See docs/parity-roadmap.md for the feature matrix, executable fixture gates, and language coverage targets.

Website

The project website at https://link-foundation.github.io/meta-language is built and deployed by the Deploy Website job in .github/workflows/rust.yml. It is assembled by scripts/build-site.rs into _site/:

Path Contents
/ Landing page (description, interactive demo, docs links) — docs/site/
/demo/pkg/ WebAssembly demo built from the web/ crate (wraps links-notation)
/api/ rustdoc output, with a root redirect so /api/ does not 404

Build and preview the site locally:

# Requires the wasm32-unknown-unknown target and wasm-pack:
#   rustup target add wasm32-unknown-unknown
#   cargo install wasm-pack
rust-script scripts/build-site.rs
python3 -m http.server -d _site 8000   # open http://localhost:8000

Deploying cargo doc output directly used to make the Pages root URL return HTTP 404 because cargo doc writes target/doc/<crate>/index.html but no root index.html (see issue #90 and docs/case-studies/issue-90). The assembled site puts the landing page at the root and keeps the API docs under /api/.
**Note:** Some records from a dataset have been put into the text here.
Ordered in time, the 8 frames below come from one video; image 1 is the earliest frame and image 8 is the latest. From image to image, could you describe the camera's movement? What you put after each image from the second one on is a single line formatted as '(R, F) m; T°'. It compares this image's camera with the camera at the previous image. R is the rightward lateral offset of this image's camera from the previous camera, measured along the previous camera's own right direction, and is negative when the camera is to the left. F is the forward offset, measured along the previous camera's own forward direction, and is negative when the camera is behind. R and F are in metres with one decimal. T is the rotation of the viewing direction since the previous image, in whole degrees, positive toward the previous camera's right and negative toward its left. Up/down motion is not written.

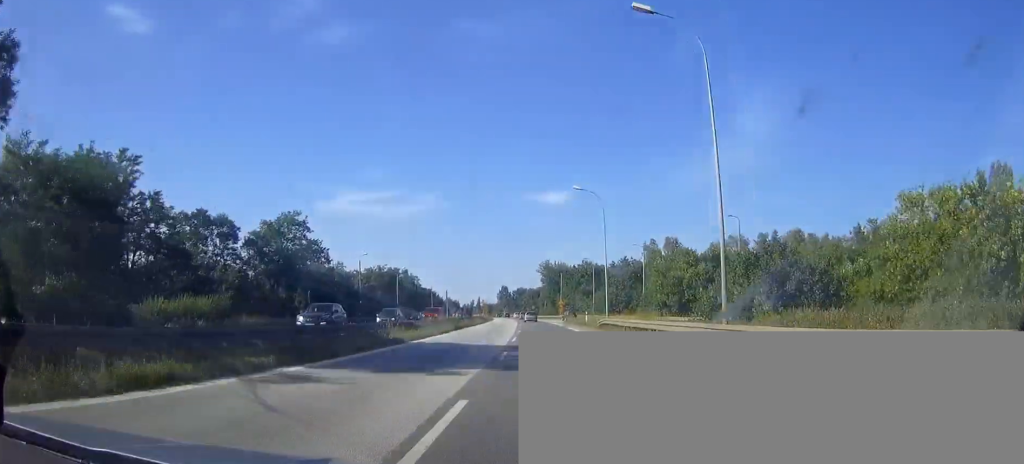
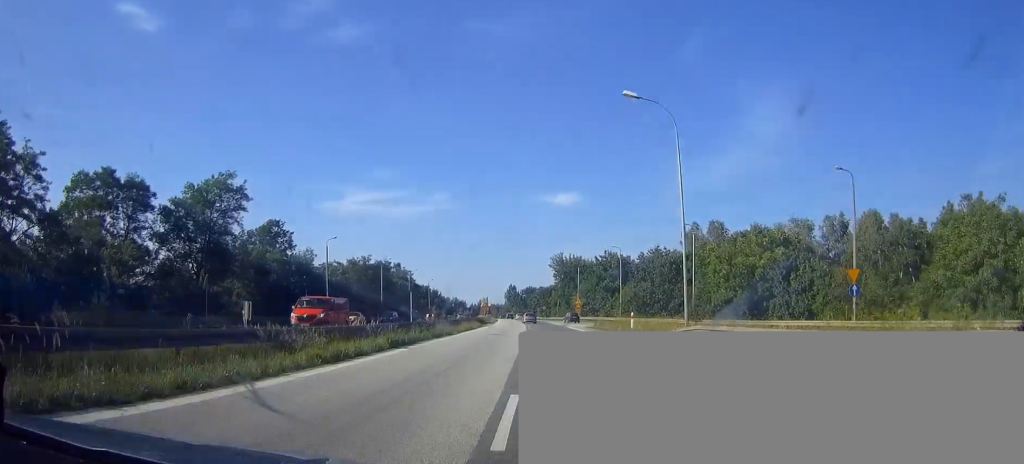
(-0.2, +22.8) m; -1°
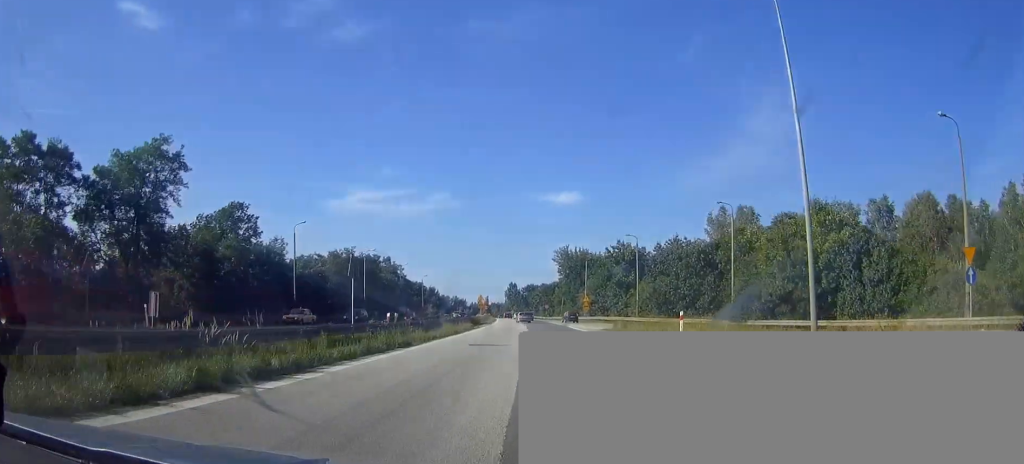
(0.0, +12.9) m; 0°
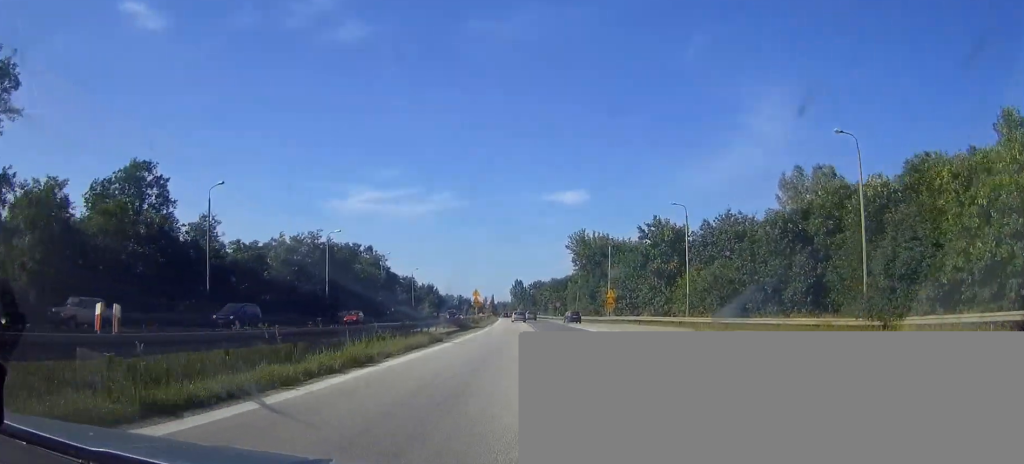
(-0.1, +22.3) m; 0°
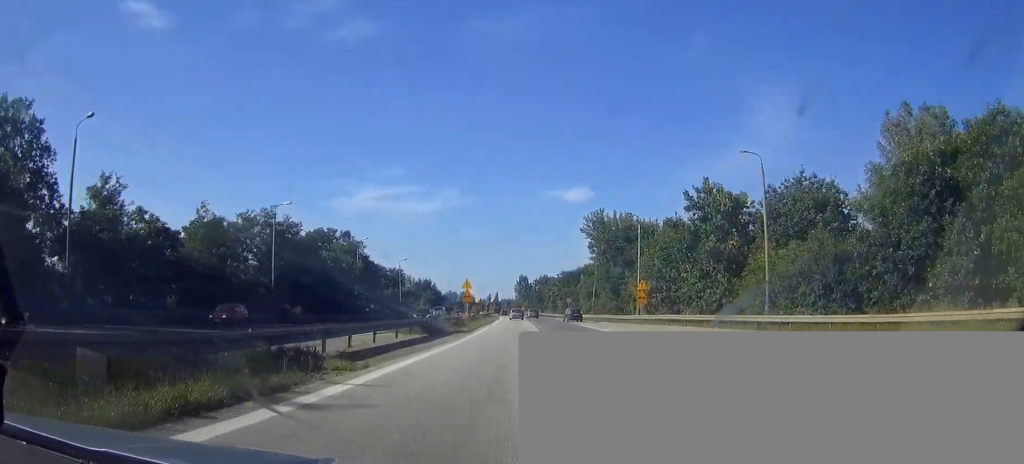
(-0.1, +18.7) m; 0°
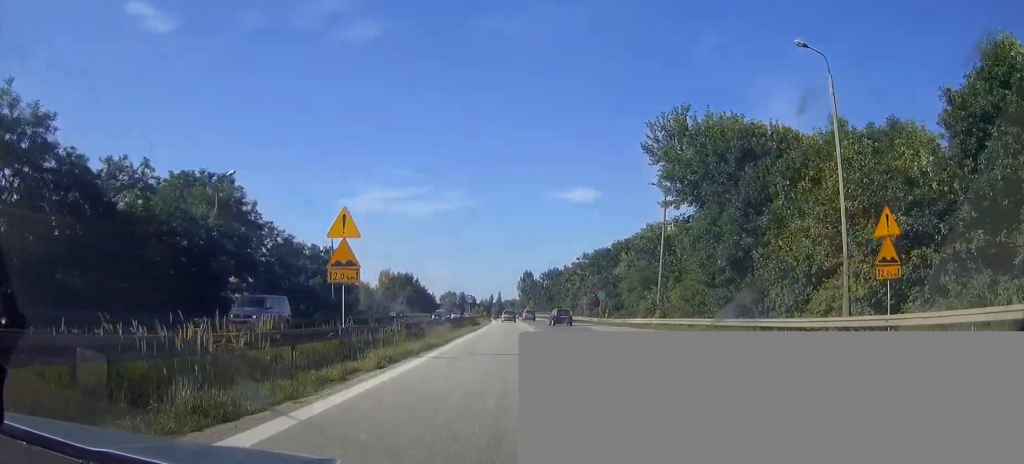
(-0.2, +42.4) m; 0°
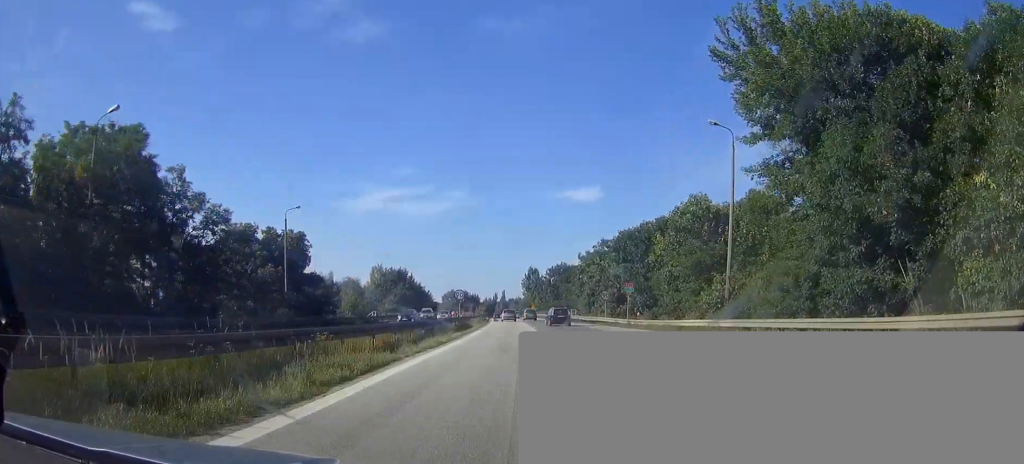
(0.0, +16.1) m; 0°
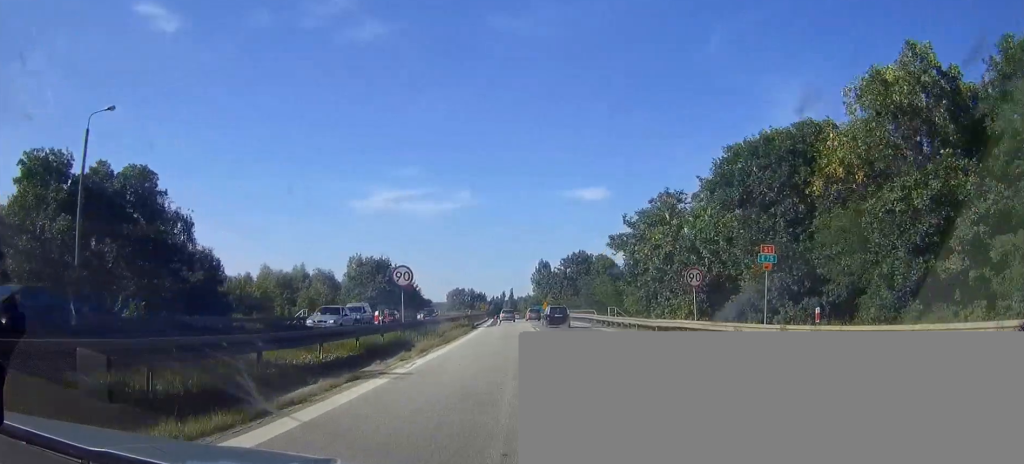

One-time setup: in the repository's Settings → Pages, set Source to GitHub Actions. Without this, the first deploy fails on actions/deploy-pages with "Get Pages site failed". This cannot be configured from a workflow.

Development

cargo fmt --check
cargo clippy --all-targets --all-features
cargo test --all-features
rust-script scripts/check-no-src-tests.rs

The WebAssembly demo crate in web/ is standalone (not part of the published crate). Check it with:

cd web && cargo test && cargo clippy --all-targets

This repository uses changelog fragments in changelog.d/; code changes should include a fragment with the intended semantic-version bump.